## The task
The answer is to be the lines below that lie between the line holding "Echo time: 0.093 s" and the line holding "Echo time: 0.0606 s", inclusive, transcribed exactly and free of pictures.

══ Materials provided ══

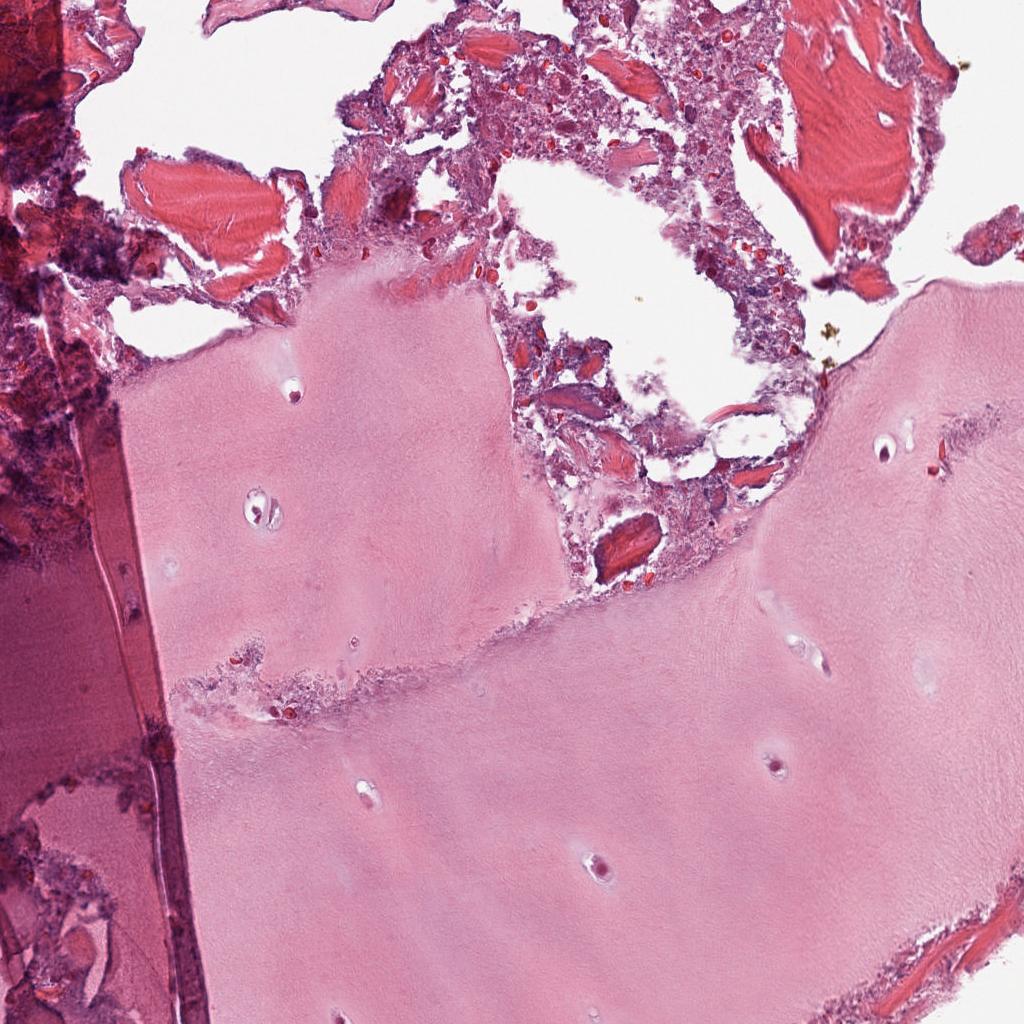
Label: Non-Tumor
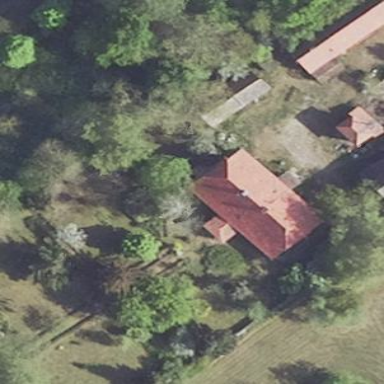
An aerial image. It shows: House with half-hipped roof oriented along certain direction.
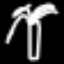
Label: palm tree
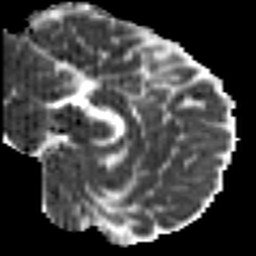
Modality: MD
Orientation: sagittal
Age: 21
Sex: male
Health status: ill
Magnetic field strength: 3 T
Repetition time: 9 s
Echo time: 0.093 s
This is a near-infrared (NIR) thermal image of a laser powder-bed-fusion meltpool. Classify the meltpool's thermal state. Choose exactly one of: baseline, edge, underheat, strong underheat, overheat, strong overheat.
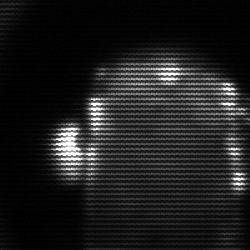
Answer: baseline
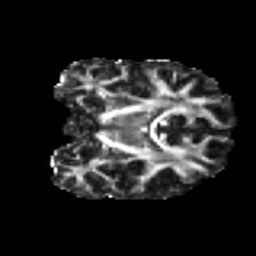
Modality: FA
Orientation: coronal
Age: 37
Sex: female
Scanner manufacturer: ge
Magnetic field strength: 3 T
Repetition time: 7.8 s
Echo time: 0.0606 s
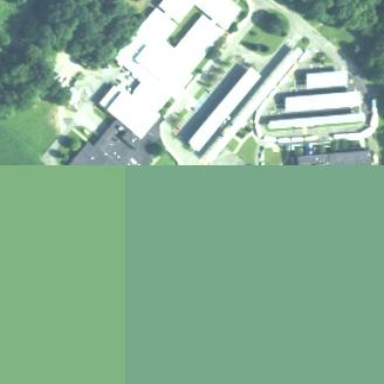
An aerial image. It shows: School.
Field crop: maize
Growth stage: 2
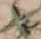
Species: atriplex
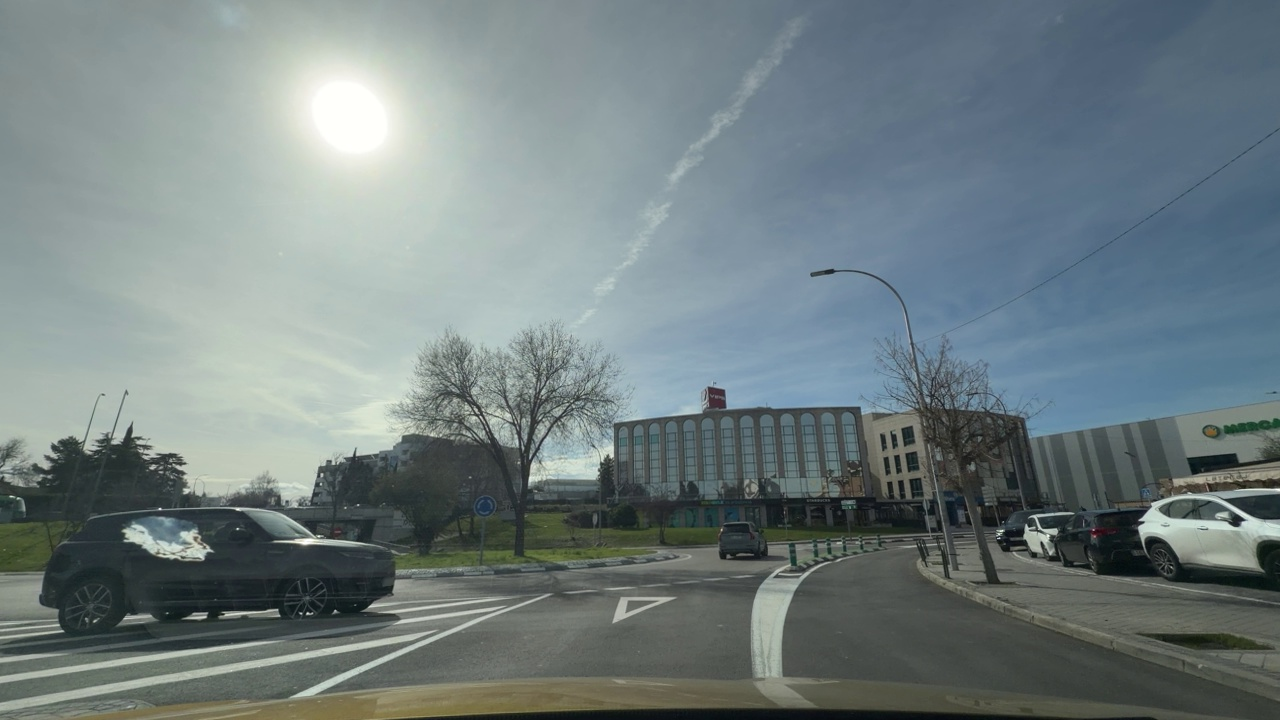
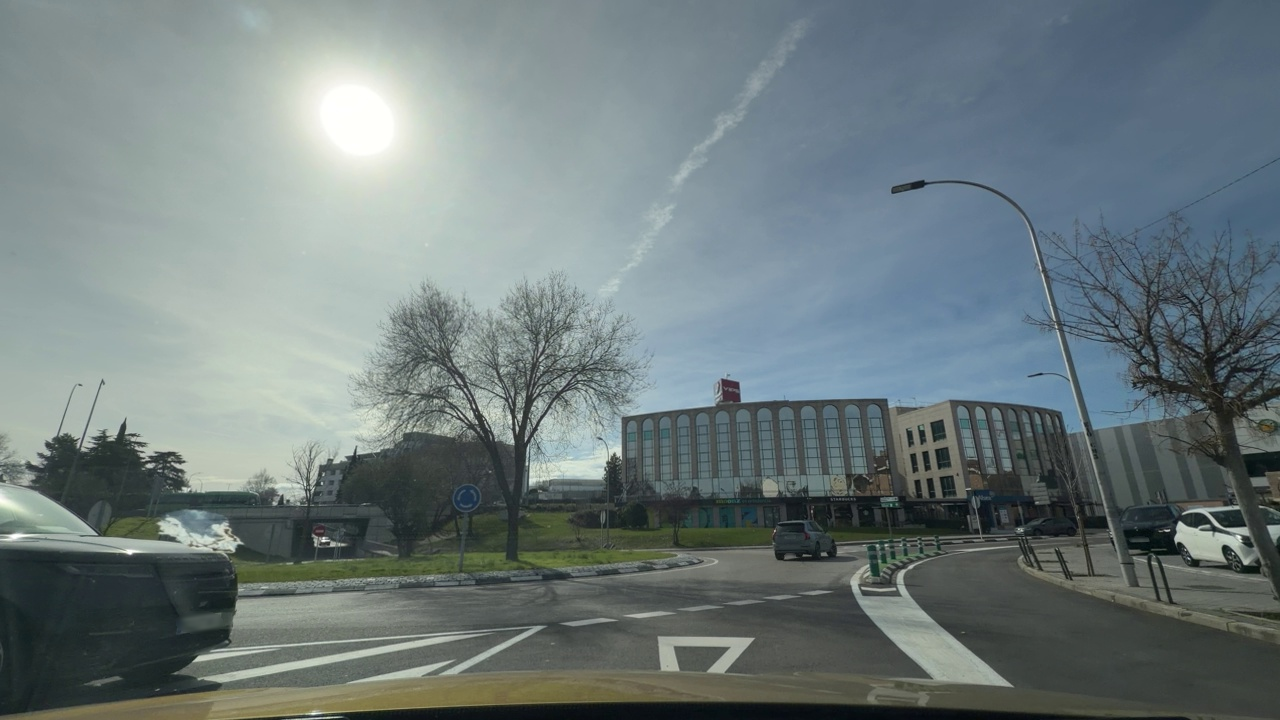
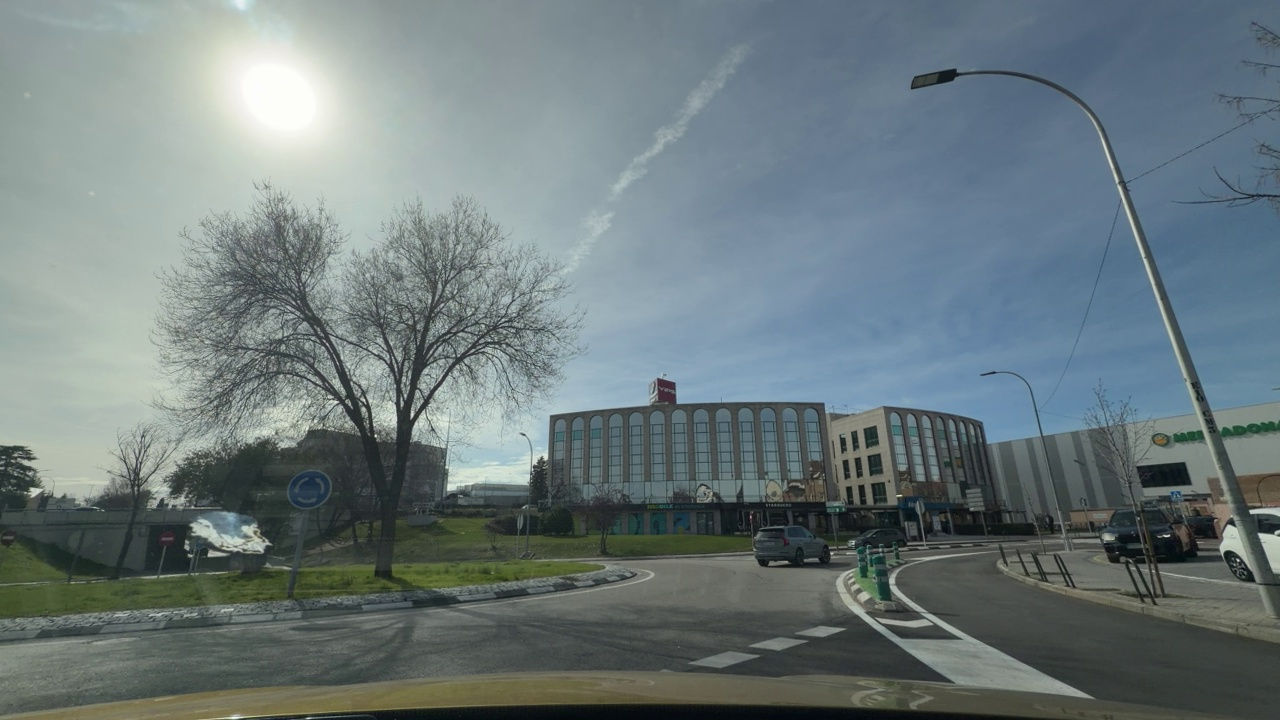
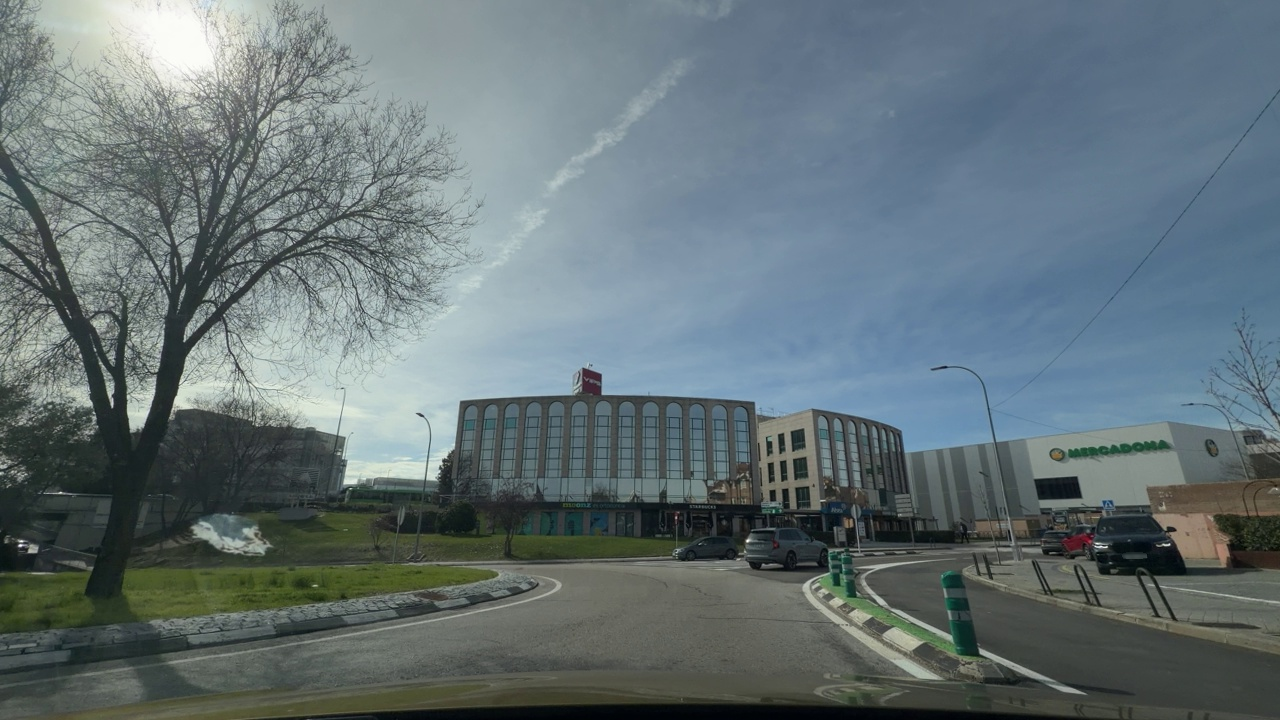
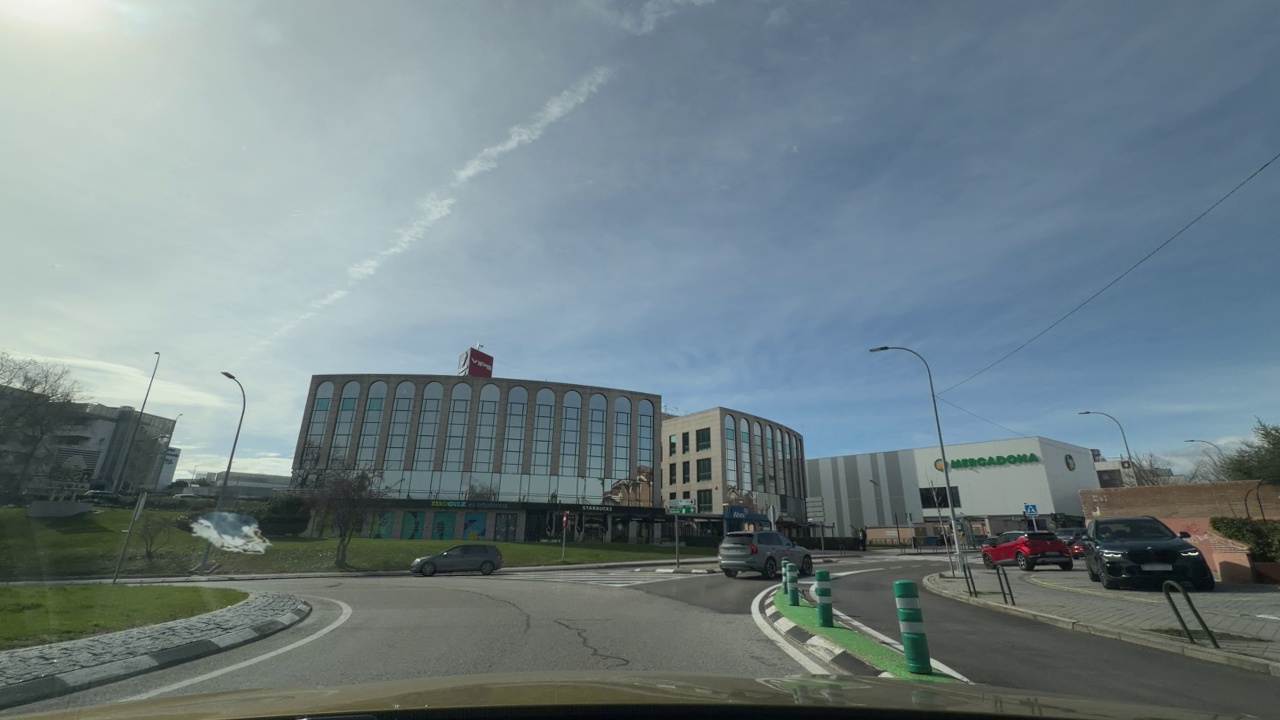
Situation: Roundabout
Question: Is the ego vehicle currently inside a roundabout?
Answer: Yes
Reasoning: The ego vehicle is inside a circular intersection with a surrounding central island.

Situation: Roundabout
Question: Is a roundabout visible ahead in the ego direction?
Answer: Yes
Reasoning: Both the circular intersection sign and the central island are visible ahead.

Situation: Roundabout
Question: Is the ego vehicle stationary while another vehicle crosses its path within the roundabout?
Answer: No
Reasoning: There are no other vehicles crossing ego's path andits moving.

═══

## Exercise result
Echo time: 0.093 s
This is a near-infrared (NIR) thermal image of a laser powder-bed-fusion meltpool. Classify the meltpool's thermal state. Choose exactly one of: baseline, edge, underheat, strong underheat, overheat, strong overheat.
Answer: baseline
Modality: FA
Orientation: coronal
Age: 37
Sex: female
Scanner manufacturer: ge
Magnetic field strength: 3 T
Repetition time: 7.8 s
Echo time: 0.0606 s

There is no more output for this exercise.